We will restrict attention to the Gibbs sampler discussed in a previous post. We will focus on the C version of the code. Below is a slightly modified version of the code which includes some command-line arguments that enable some flexibility in how the code is run post-compilation.

#include <stdio.h>
#include <math.h>
#include <stdlib.h>
#include <gsl/gsl_rng.h>
#include <gsl/gsl_randist.h>

int main(int argc, char *argv[])
{
  if (argc!=4) {
    fprintf(stderr,"Usage: %s <Iters> <Thin> <Seed>\n",argv[0]);
    exit(EXIT_FAILURE);
  }
  long N=(long) atoi(argv[1]);
  long thin=(long) atoi(argv[2]);
  long seed=(long) atoi(argv[3]);
  long i,j;
  gsl_rng *r = gsl_rng_alloc(gsl_rng_mt19937);
  gsl_rng_set(r,seed);
  double x=0;
  double y=0;
  printf("Iter x y\n");
  for (i=0;i<N;i++) {
    for (j=0;j<thin;j++) {
      x=gsl_ran_gamma(r,3.0,1.0/(y*y+4));
      y=1.0/(x+1)+gsl_ran_gaussian(r,1.0/sqrt(x+1));
    }
    printf("%ld %f %f\n",i,x,y);
  }
  exit(EXIT_SUCCESS);
}

Assuming a Unix/Linux environment (including a GSL implementation), the above code can be compiled from the Unix shell with a command like:

gcc -O2 -lgsl -lgslcblas standalone.c -o standalone

and run with a command like:

./standalone 10000 500 1 > data.tab

The first command-line argument is the number of iterations required, and the second is the “thin” to be applied to the output. The third argument is the “seed” to be applied to the GSL random number generator (RNG). This allows different (not quite independent – see my post on parallel MCMC for details) runs to be obtained by selecting different seed values. The simplest way to call this code from within an R session is to call this unmodified executable using the R system() command. A small “wrapper” function to do this is given below.

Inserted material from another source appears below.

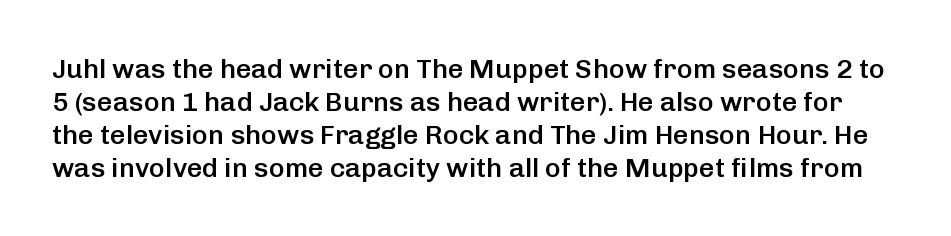
{"italic": "no", "bold": "semi", "underline": "no", "line_spacing_ratio": 1.22, "letter_spacing": "normal", "letter_spacing_em": 0.0, "glyph_px": 27}

standalone<-function(N=10000,thin=500,
             seed=trunc(runif(1)*1e6),
             exec=file.path(".","standalone"),
             tmpfile=tempfile())
{
  command=paste(exec,N,thin,seed,">",tmpfile)
  system(command)
  read.table(tmpfile,header=TRUE)
}

Note the use of the file.path() and tempfile() R functions in a (probably vain!) attempt to make the code somewhat portable. Just running standalone() from an R session should then return a data frame containing the MCMC output. I gave some commands for analysing this output in a previous post. This approach to calling external code is very simple and crude, and quite generic (it is not specific to C code at all). However, it is very quick and easy to implement, and in many cases quite efficient. There is a considerable computational overhead in executing the system command and parsing output files from disk. However, if the code being called is very computationally intensive and relatively slow (as is typically the case), then this overhead can often be negligible, rendering this approach quite practical.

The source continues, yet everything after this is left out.